Clinical Trial Associate

job details:

  • location:Northbrook, IL

  • salary:$30 - $60 per hour

  • date posted:Wednesday, January 2, 2019

  • experience:1 Years

  • job type:Contract

  • industry:Professional, Scientific, and Technical Services

  • reference:27364

job description

Clinical Trial Associate

job summary:

This position will assist the Lead Study Manager and the clinical team in the day to day activities for managing clinical study(ies) conduct to support completion per established project team goals and objectives. The scope of this position is Phase I through 4 clinical studies including registries and observational studies.

location: Northbrook, Illinois

job type: Contract

salary: $30 - 60 per hour

work hours: 8 to 4

education: Bachelors


QUANTITATIVE DIMENSIONS: Responsible for complying with regulations and guidelines and ensuring adherence to these during study conduct

ORGANIZATION CONTEXT: This position reports into a Global Development Operations Lead or Principal Clinical Study Manager


1) Assist in the day to day support of study operations including tracking and creating overviews of subject, site, study status, milestones and performing quality check activities across components of the clinical study.
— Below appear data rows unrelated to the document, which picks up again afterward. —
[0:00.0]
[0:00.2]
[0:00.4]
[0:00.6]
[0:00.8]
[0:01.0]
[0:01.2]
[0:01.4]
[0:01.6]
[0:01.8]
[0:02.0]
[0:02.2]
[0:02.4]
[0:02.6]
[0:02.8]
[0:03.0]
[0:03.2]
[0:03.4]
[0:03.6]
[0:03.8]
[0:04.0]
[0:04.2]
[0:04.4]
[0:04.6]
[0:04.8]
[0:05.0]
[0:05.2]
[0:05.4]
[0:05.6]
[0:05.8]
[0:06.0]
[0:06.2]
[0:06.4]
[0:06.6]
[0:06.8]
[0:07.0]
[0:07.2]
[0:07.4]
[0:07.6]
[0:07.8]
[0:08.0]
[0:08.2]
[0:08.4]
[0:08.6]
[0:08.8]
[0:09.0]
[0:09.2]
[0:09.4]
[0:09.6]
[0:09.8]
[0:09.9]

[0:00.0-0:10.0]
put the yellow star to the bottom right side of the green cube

2) Assist in study set-up including but not limited to eCRF design, protol preparation, informed consents, investigator selection, systems (e.g., CTMS, IVR, etc.), study related operational manuals, trainng materials, and various study plans (e.g., visit logs, drug inventory, monitoring plan, etc.)
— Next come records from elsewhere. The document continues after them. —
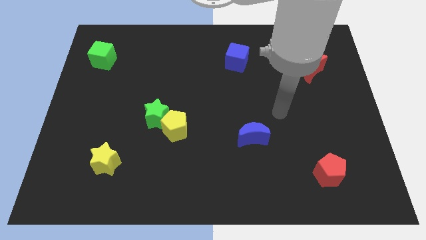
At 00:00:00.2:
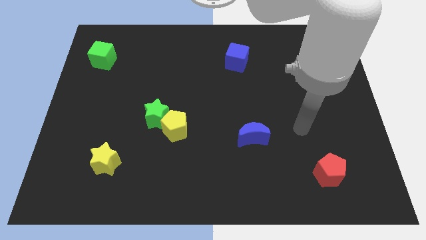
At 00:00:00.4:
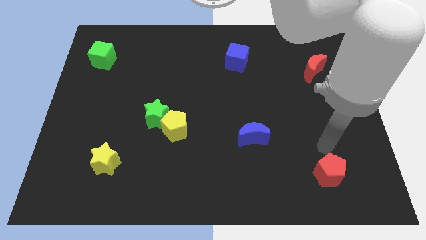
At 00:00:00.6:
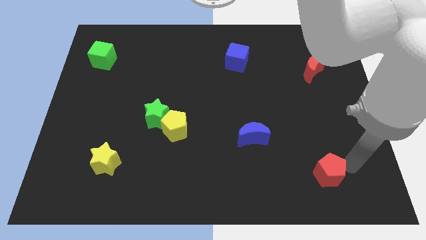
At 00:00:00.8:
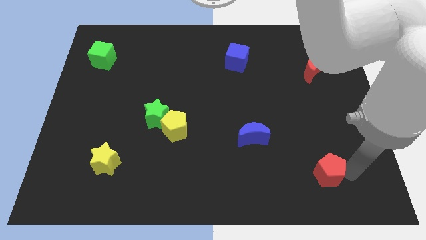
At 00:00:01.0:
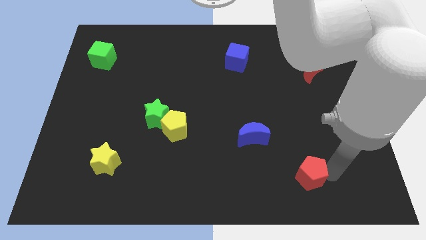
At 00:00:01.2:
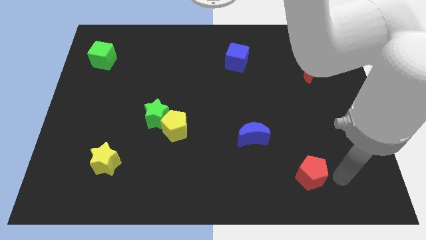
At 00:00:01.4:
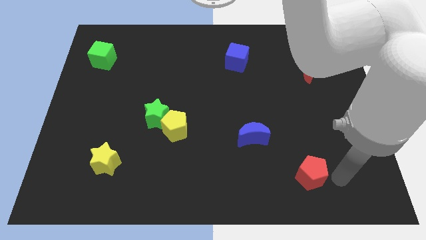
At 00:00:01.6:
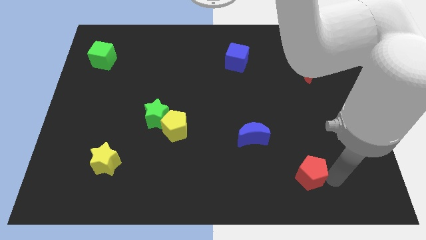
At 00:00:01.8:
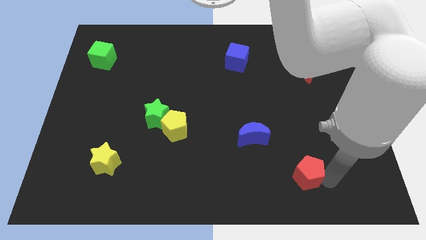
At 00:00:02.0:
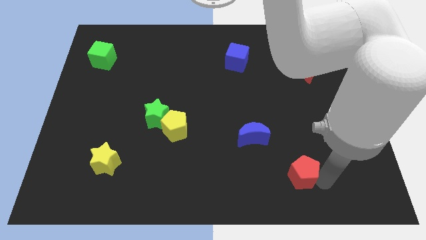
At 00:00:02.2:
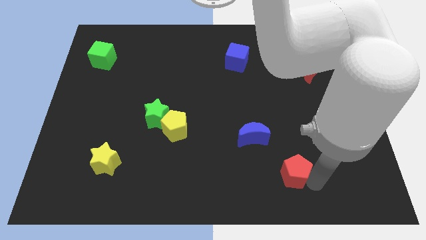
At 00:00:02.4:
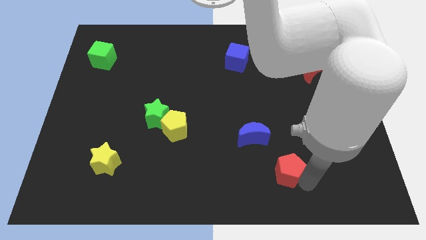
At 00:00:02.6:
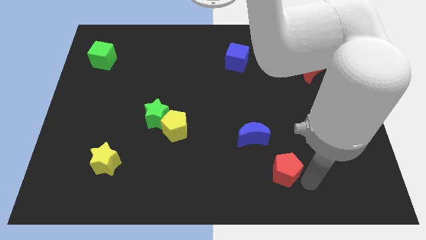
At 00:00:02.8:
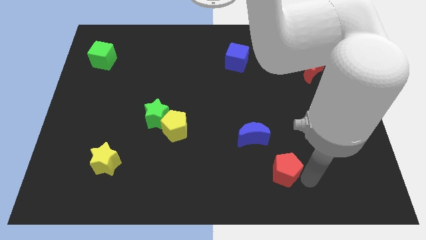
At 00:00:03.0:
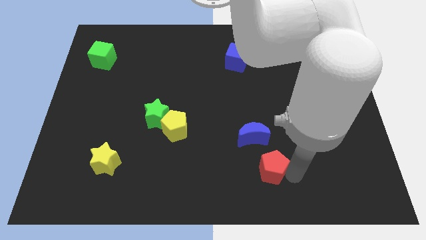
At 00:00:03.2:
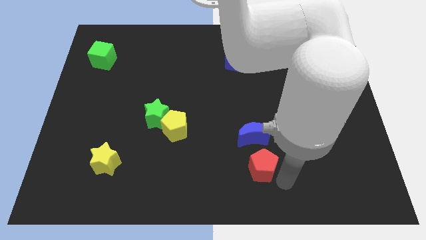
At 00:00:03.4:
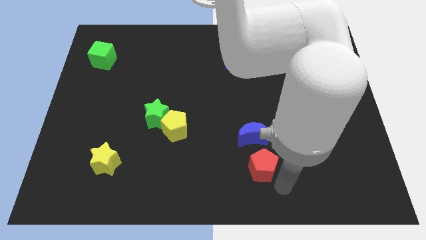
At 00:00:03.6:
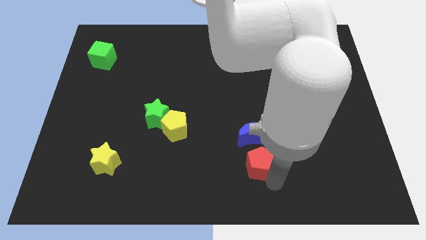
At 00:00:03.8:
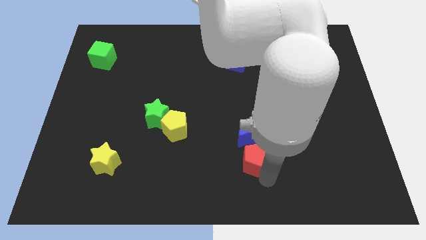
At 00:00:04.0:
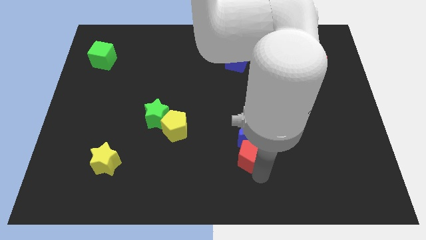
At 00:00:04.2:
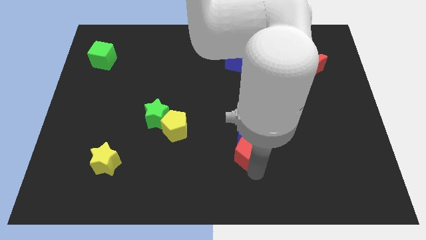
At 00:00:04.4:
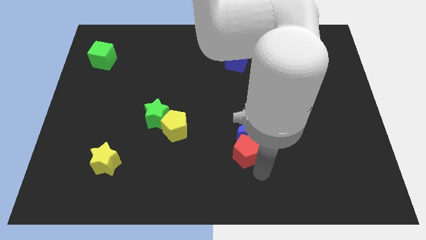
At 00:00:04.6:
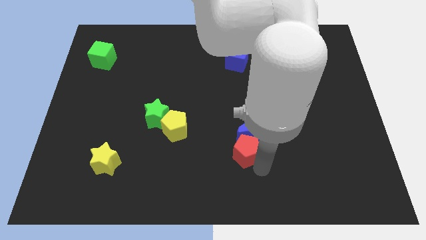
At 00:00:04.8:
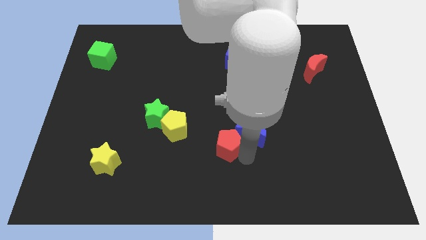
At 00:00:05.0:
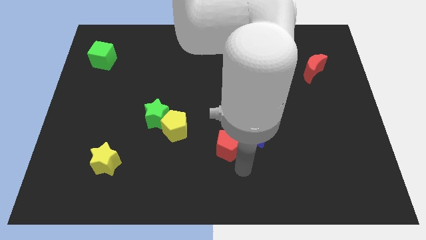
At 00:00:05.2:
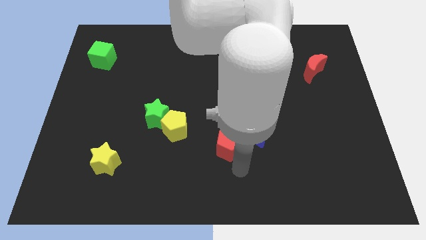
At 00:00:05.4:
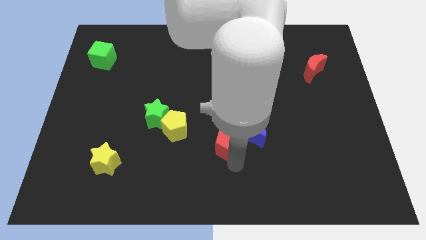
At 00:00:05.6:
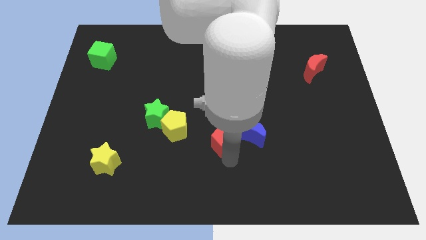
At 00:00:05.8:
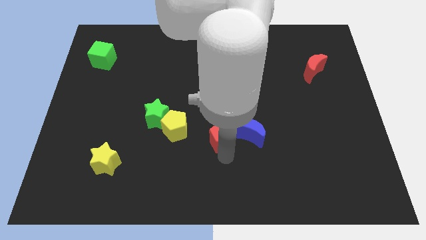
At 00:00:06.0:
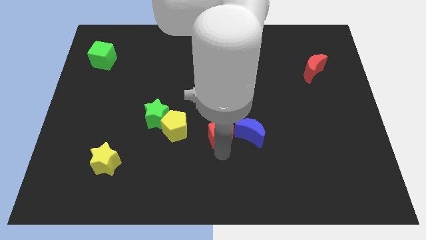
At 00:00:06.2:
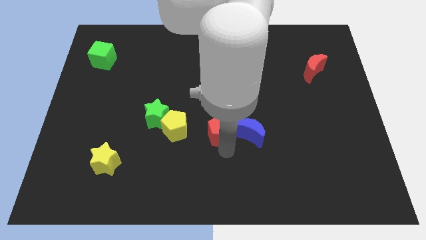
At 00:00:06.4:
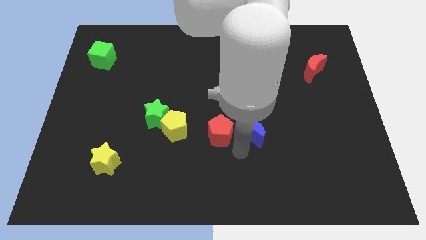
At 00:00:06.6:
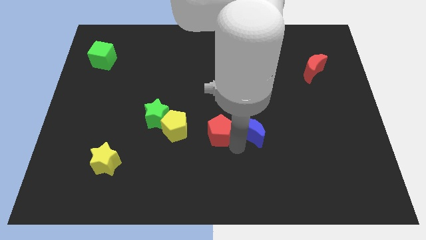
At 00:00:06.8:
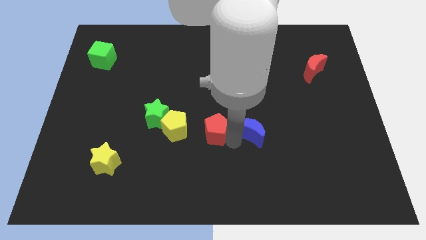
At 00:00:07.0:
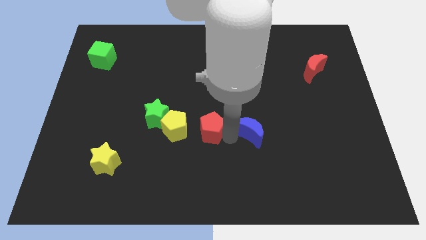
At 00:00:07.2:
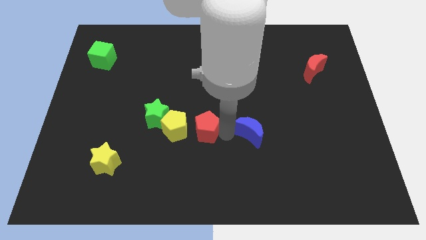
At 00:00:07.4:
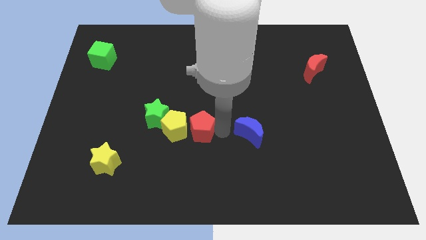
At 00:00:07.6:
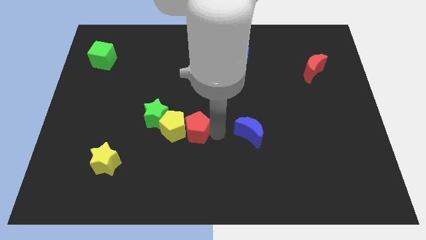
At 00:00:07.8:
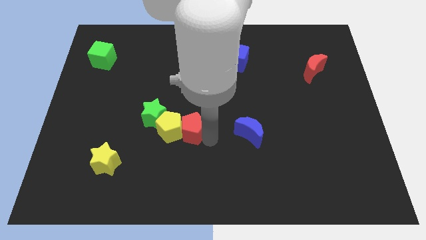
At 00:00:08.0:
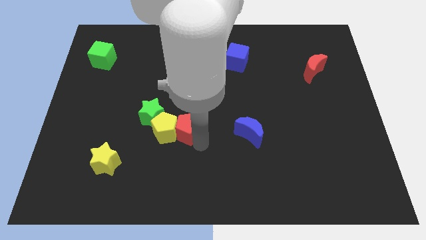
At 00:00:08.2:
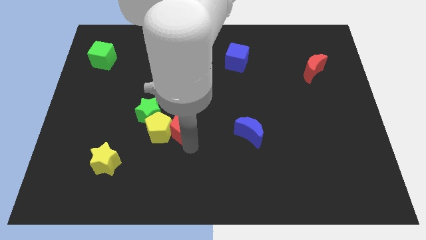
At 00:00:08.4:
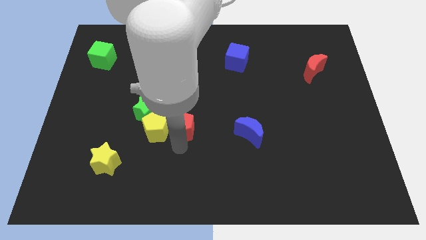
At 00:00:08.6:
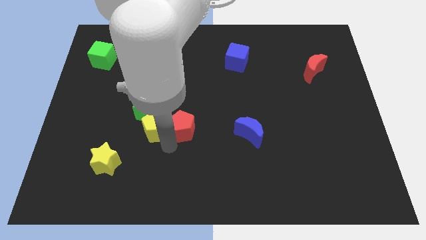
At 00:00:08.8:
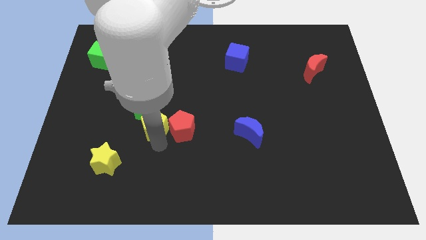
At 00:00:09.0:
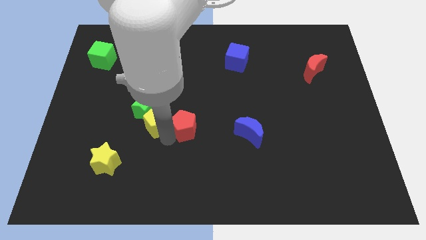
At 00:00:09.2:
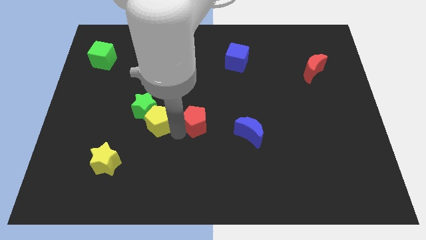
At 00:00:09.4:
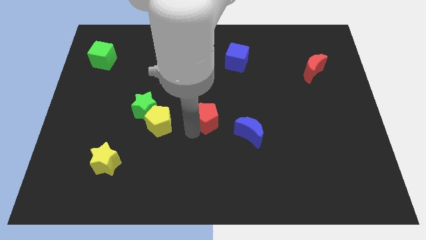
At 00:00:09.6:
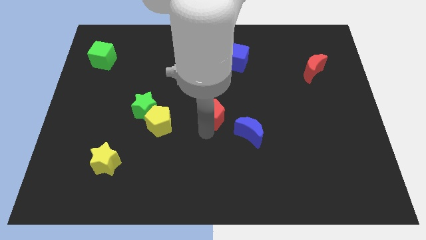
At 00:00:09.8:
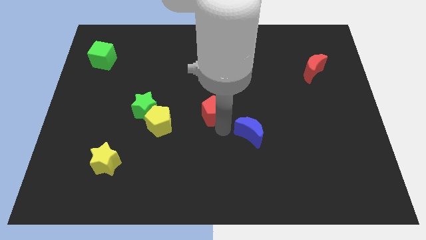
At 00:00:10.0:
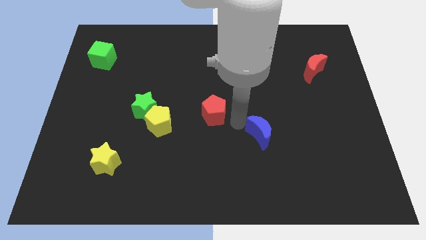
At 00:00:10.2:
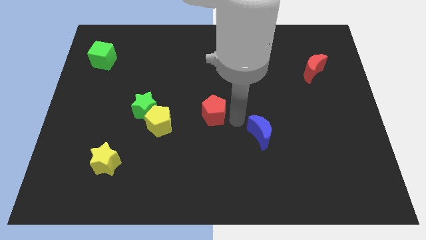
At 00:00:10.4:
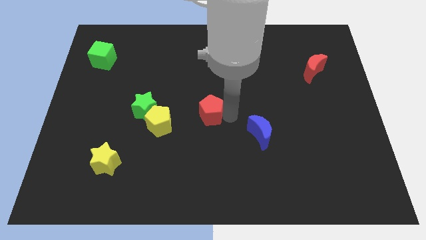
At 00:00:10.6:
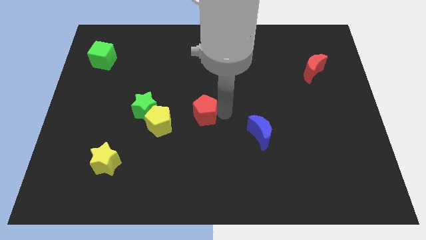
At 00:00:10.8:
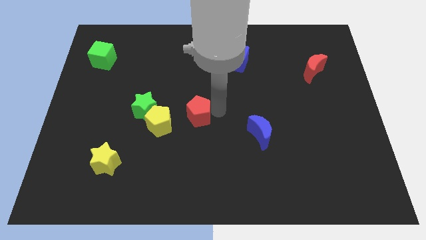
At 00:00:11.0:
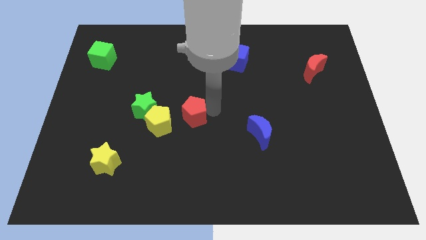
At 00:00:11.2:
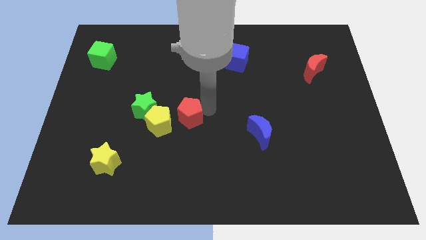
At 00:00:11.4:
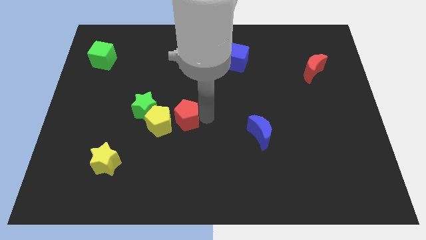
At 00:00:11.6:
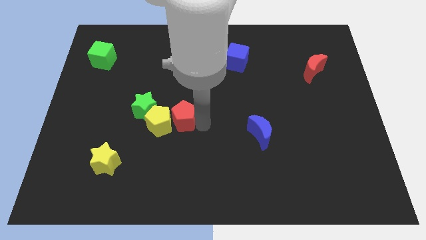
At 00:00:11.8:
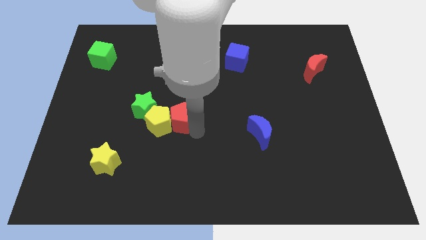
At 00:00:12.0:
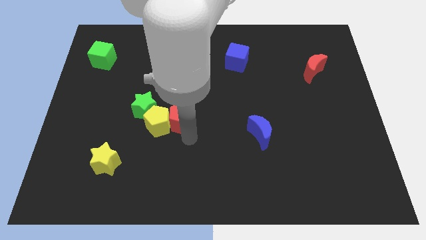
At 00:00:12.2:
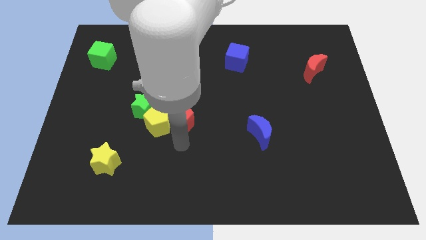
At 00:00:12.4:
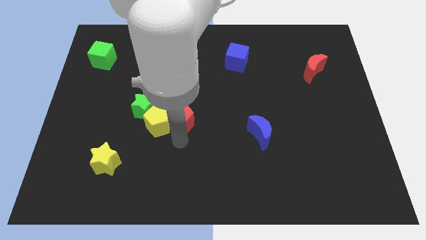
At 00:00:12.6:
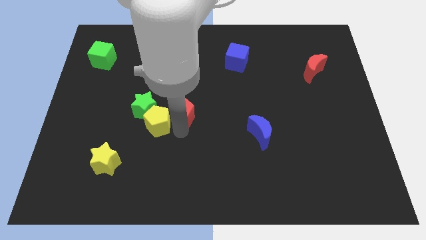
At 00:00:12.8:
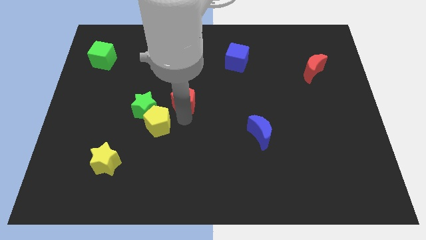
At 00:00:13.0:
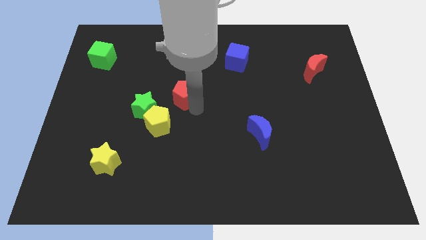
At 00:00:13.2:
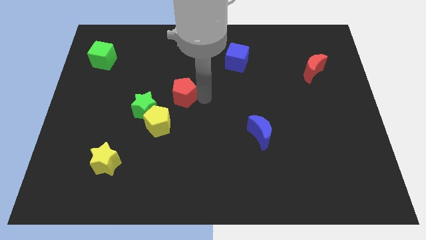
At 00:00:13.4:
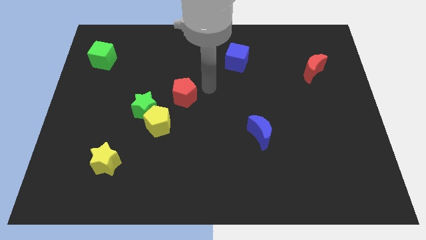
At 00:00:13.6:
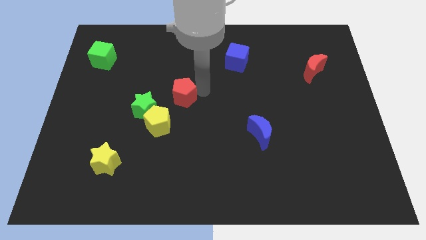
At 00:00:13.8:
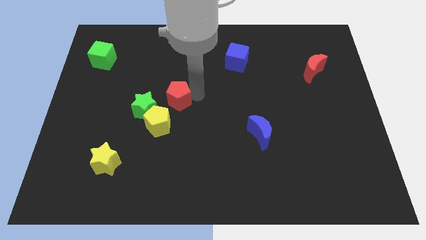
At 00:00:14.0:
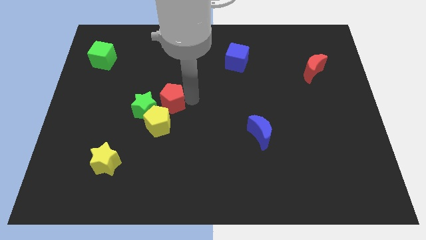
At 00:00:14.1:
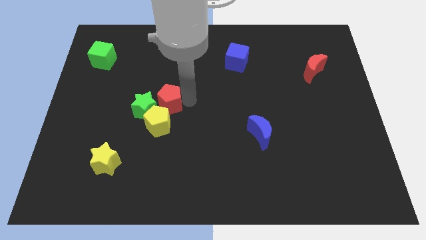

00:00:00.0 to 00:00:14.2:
move the red pentagon close to the green star

3) Process and track clinical trial materials requests, study related supply requests, safety letters, vendor and investigator payments and other study related activities as needed

4) Assist in the management of study completion activities including data review and clinical study report review

5) Ensure complete and timely collection and archiving of TMF documents of assigned studies or program, including oversight and . or submission of regulatory docuemtns tot eh TMF and ongoing document reconciliation.

6) Assist in maintaining accurate and up to date study information within CTMS and other relevant tracking systems

7) Effectively communicate with study team members and work closely with Lead Study Manager to address challenges

8) May participate in process improvement and quality-related initiatives associated with study execution and deliverables;

9) Other duties as assigned



  • BA/BS

  • 2 years previous industry experience

  • Excellent interpersonal, written, verbal, presentation administrative and computer skills.

  • Fluent in English (oral & written)

  • Direct pharma experience

  • General knowledge of drug development and ICH/GCP

skills: CRF, GCP (Good Clinical Practice), CTMS, CTMS (Clinical Trial Management Systems), ICH Regulations, TMF

Equal Opportunity Employer: Race, Color, Religion, Sex, Sexual Orientation, Gender Identity, National Origin, Age, Genetic Information, Disability, Protected Veteran Status, or any other legally protected group status.